------ PROVIDED DATA ------

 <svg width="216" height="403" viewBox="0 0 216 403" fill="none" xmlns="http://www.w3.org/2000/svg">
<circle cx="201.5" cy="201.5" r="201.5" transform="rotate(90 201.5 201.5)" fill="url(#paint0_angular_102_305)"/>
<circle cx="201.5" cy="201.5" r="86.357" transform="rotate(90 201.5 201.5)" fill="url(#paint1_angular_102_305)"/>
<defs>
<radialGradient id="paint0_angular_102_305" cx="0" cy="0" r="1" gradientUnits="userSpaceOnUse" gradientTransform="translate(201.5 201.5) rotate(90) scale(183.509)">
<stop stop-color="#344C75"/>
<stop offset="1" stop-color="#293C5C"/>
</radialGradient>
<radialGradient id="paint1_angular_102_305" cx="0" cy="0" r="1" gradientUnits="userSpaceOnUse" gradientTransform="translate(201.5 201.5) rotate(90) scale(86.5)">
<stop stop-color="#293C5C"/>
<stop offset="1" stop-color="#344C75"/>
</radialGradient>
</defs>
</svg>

------
------ PROVIDED DATA ------

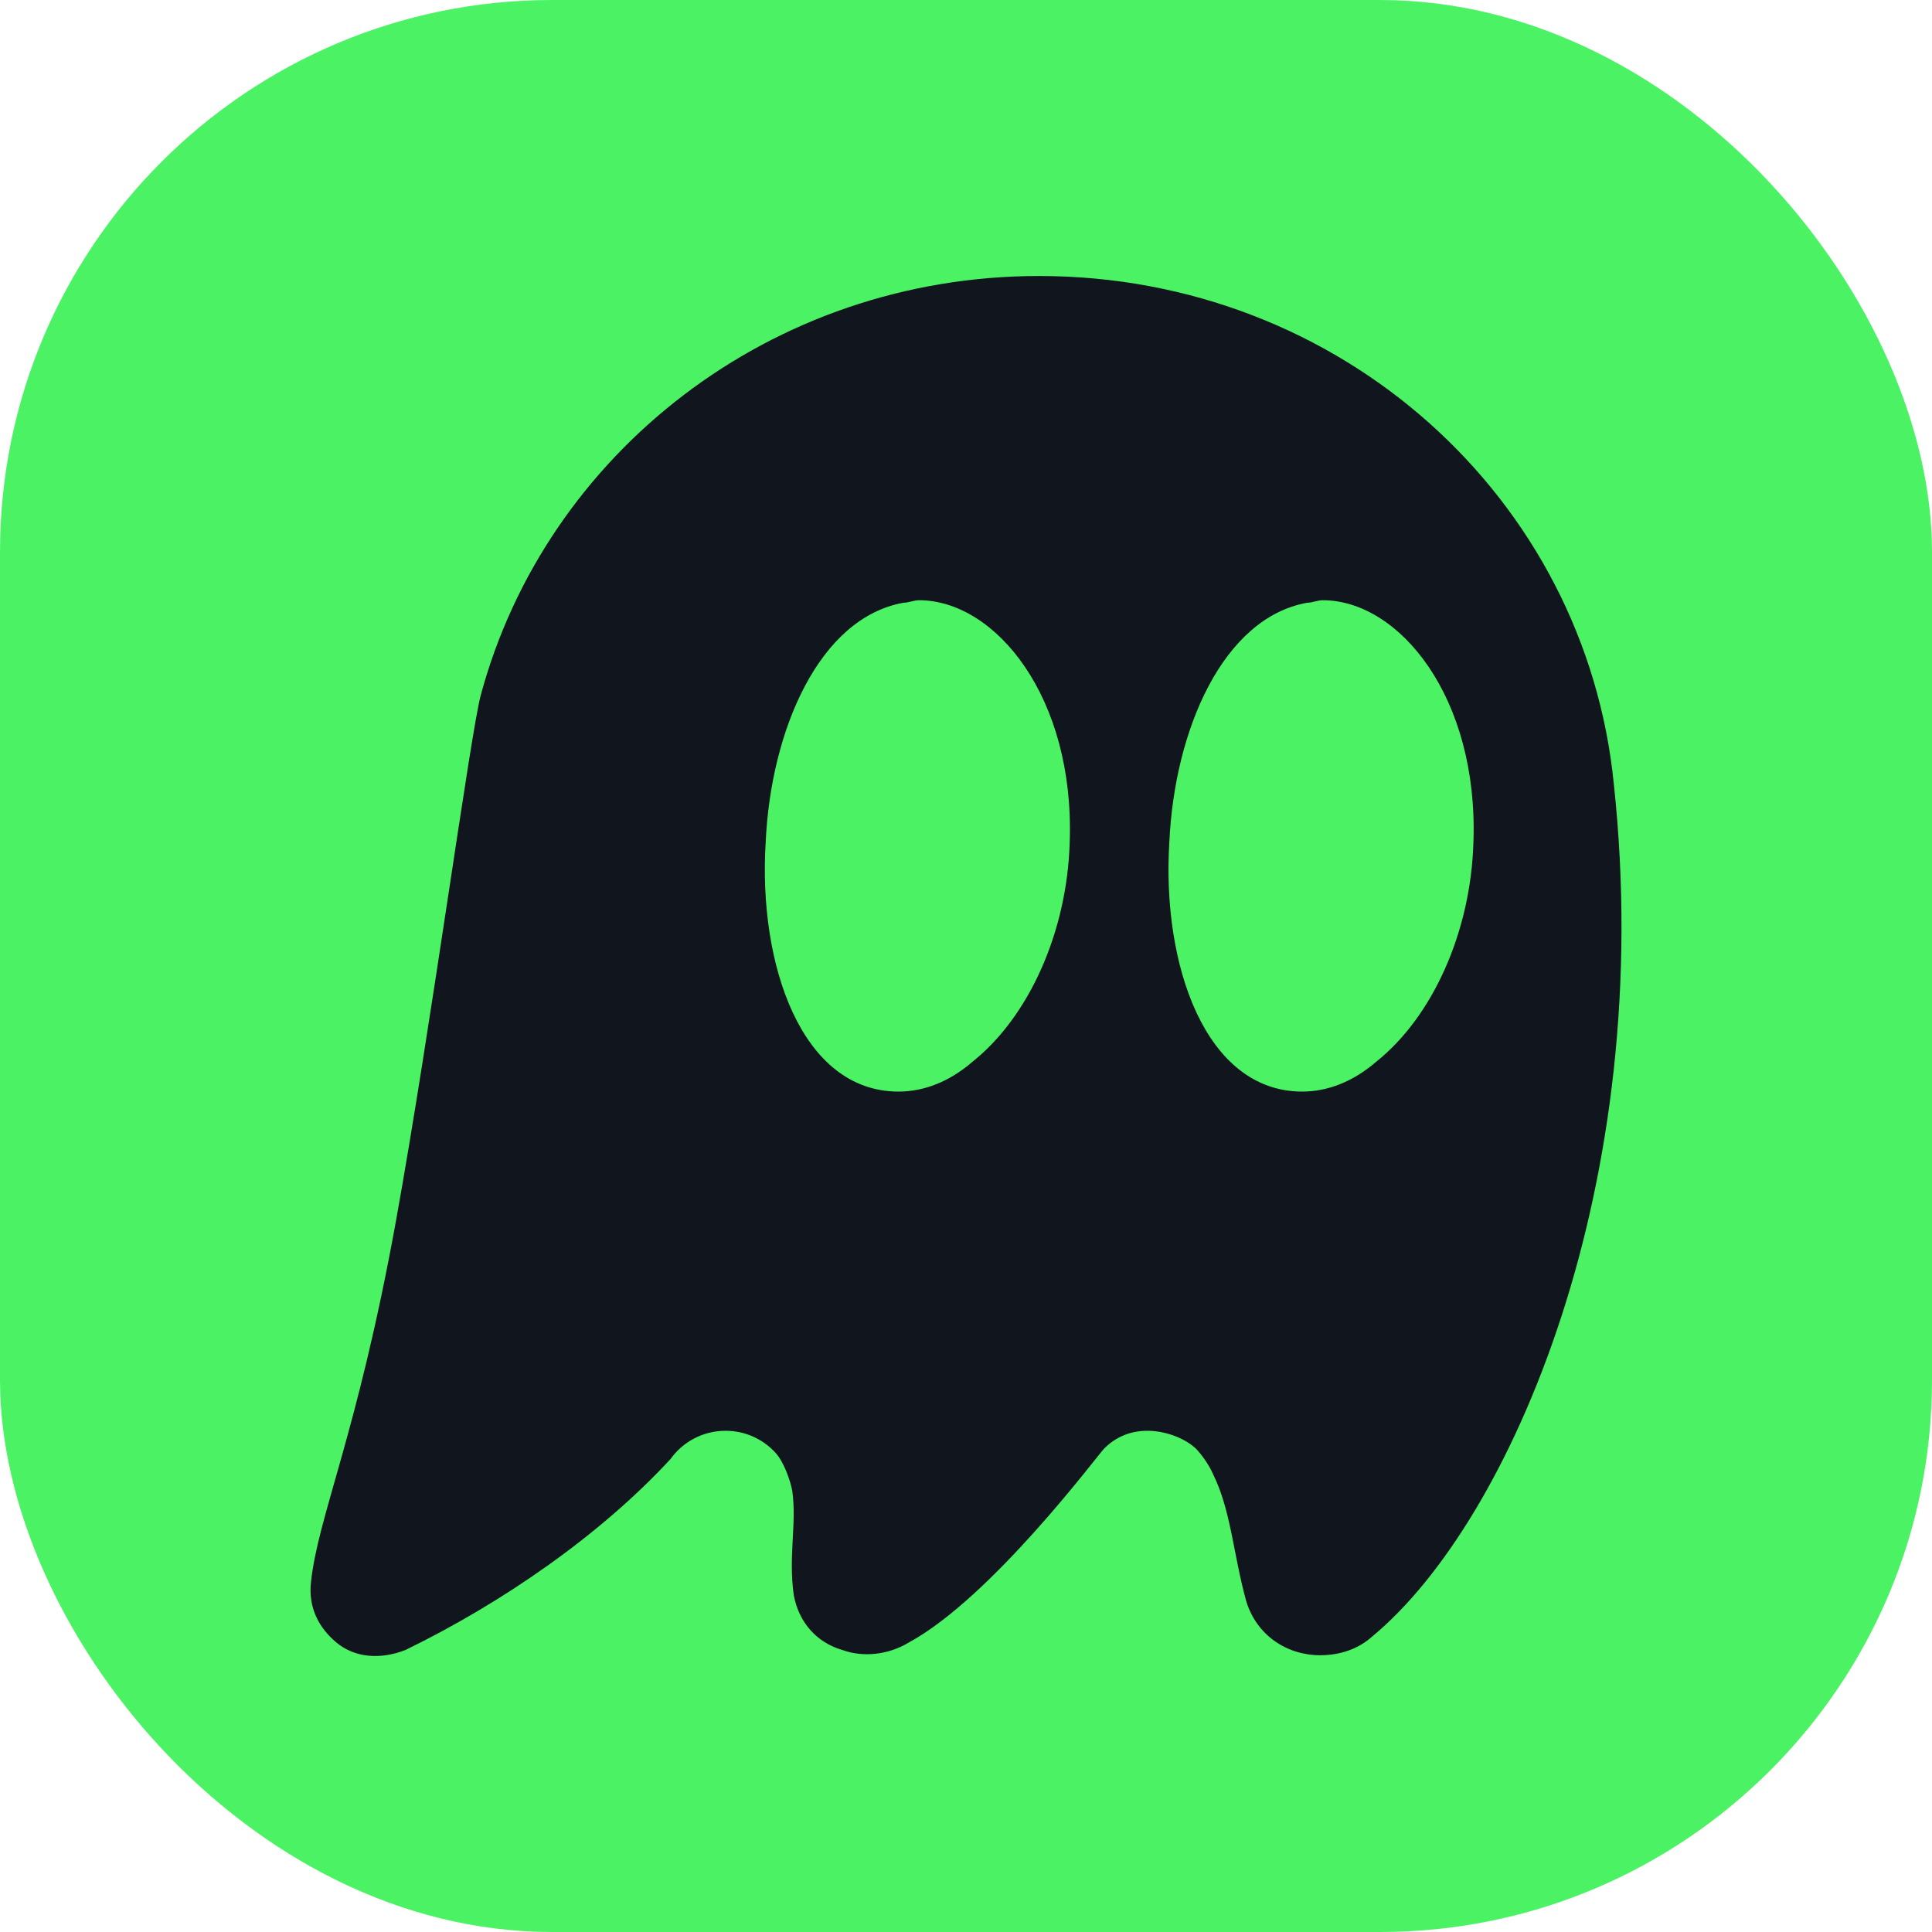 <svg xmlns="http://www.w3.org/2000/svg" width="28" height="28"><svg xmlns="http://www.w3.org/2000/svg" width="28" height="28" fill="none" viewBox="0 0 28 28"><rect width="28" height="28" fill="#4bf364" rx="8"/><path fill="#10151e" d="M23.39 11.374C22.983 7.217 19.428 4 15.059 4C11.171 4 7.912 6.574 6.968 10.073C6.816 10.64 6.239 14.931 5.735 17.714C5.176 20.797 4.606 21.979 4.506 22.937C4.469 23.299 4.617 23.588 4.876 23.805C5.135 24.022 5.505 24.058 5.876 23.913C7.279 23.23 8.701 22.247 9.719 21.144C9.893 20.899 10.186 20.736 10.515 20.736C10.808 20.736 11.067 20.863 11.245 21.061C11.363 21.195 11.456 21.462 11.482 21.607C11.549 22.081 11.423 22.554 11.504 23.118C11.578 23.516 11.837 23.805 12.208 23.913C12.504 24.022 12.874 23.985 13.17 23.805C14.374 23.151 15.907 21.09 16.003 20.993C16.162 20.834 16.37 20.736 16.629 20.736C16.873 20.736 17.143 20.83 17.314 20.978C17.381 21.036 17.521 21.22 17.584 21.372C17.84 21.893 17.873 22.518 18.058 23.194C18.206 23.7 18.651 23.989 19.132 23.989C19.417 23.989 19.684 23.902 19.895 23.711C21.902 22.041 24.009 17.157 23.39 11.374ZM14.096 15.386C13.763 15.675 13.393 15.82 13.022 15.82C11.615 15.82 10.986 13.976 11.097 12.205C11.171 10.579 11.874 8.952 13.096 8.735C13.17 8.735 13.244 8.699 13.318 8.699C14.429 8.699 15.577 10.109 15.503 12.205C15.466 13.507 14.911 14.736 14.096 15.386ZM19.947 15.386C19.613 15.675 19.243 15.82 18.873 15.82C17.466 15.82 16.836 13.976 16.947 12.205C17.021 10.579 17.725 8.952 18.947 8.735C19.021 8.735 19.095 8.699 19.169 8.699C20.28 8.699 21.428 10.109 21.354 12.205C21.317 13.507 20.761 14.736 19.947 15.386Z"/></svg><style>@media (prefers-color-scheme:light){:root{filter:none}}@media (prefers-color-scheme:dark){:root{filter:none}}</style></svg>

------

If a line in the entries contains "translate", copy it.

<radialGradient id="paint0_angular_102_305" cx="0" cy="0" r="1" gradientUnits="userSpaceOnUse" gradientTransform="translate(201.5 201.5) rotate(90) scale(183.509)">
<radialGradient id="paint1_angular_102_305" cx="0" cy="0" r="1" gradientUnits="userSpaceOnUse" gradientTransform="translate(201.5 201.5) rotate(90) scale(86.5)">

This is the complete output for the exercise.